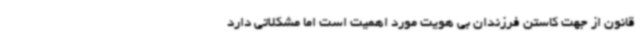
قانون از جهت کاستن فرزندان بی هویت مورد اهمیت است اما مشکلاتی دارد
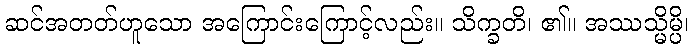
ဆင်အတတ်ဟူသော အကြောင်းကြောင့်လည်း။ သိက္ခတိ၊ ၏။ အဿသ္မိမ္ပိ၊
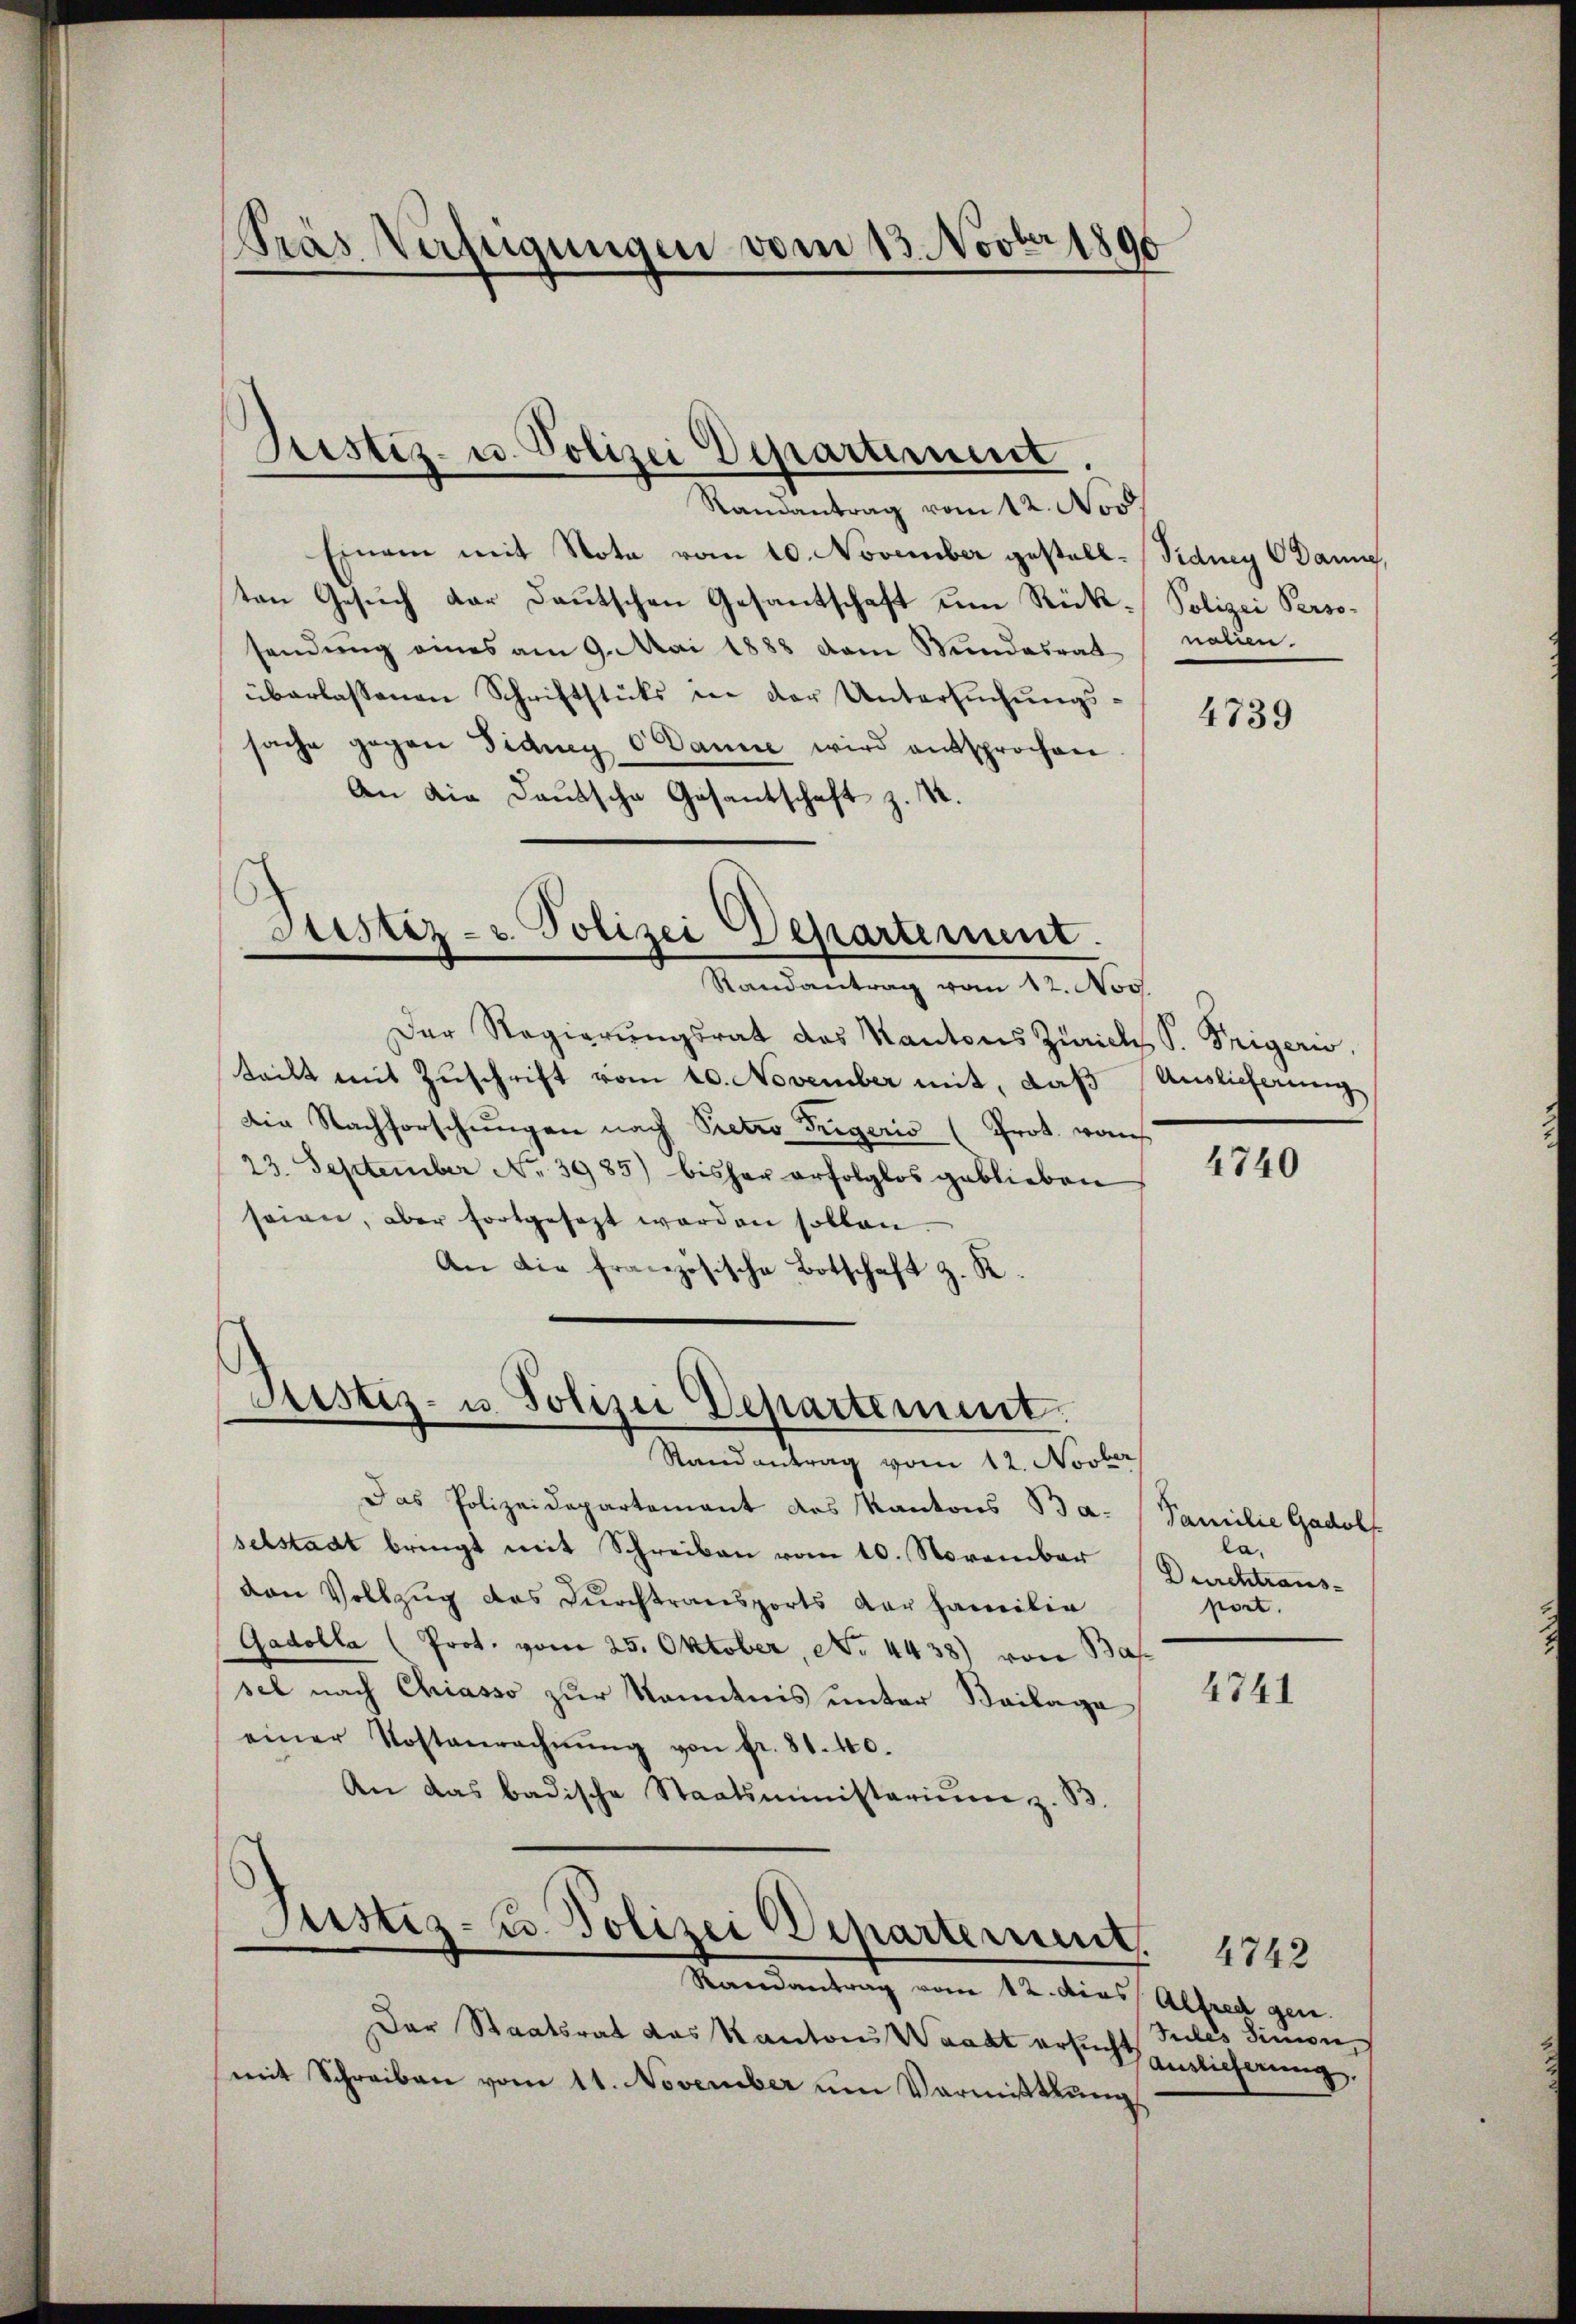
Pras Verfügungen vom 13. Novber 1890

Pristiz- u. Polizei Departement.

Randantrag vom 12. Nov.
Einem mit Nota vom 10. November gestell-Sidney Danne,
ten Gesuch dar Deutschen Gesantschaft um Rücksendung eines am 9. Mai 1888 vom Wundesrat
überlassenen Schriftstücks in der Untersuchungssache gegen Fidung 6 Danne wird entsprochen.
An die Deutsche Gesantschaft z. R.

Der Regierŭngsrat des Kantons Zürich S. Trigerw
teilt mit Zuschrift vom 10. November mit, daß
Die Nachforschungen nach Pretzo Trigeris (Prot. von
23. September No. 3985) bisher erfolglos geblieben
seien, aber fortgesezt werden sollen
An die französische Botschaft z. R.

Justiz- u. Polizei Departement.
Randantrag vom 12. Nov.

Justiz- u. Polizei Departement.
Randantrag vom 12. Novber

Das Polizeidepartement des Kantons Baselstadt bringt mit Schreiben vom 10. November
van Vollzug des Durchtransports der Familie
Gadolla (Prot. vom 25. Oktober, No 4438) von Bas
sel nach Chiasso zur Kenntnis unter Beilage
einer Kostenrechnŭng von fr. 81. 40.
An das badische Staatsministerium z. B.

Justiz- u. Polizei Departement.

Randantrag vom 12. dies Alfred gen.
Der Staatsrat das Kantons Waadt ersuchteilicherung.
mit Schreiben vom 11. November um Vormittlung

Polizei Perso-
nalien.

4739

Auslieferung

4740

Familie Gadolf
la.
Durchtraus-
pört.

4741

4742
Siles Simon

WHAT IS REQUIRED
Pictures stay out. Repeat only the lines from the beginning of the data through the line that has "An die Deutsche Gesantschaft z. R.".

RESULT BELOW
قانون از جهت کاستن فرزندان بی هویت مورد اهمیت است اما مشکلاتی دارد
ဆင်အတတ်ဟူသော အကြောင်းကြောင့်လည်း။ သိက္ခတိ၊ ၏။ အဿသ္မိမ္ပိ၊
Pras Verfügungen vom 13. Novber 1890

Pristiz- u. Polizei Departement.

Randantrag vom 12. Nov.
Einem mit Nota vom 10. November gestell-Sidney Danne,
ten Gesuch dar Deutschen Gesantschaft um Rücksendung eines am 9. Mai 1888 vom Wundesrat
überlassenen Schriftstücks in der Untersuchungssache gegen Fidung 6 Danne wird entsprochen.
An die Deutsche Gesantschaft z. R.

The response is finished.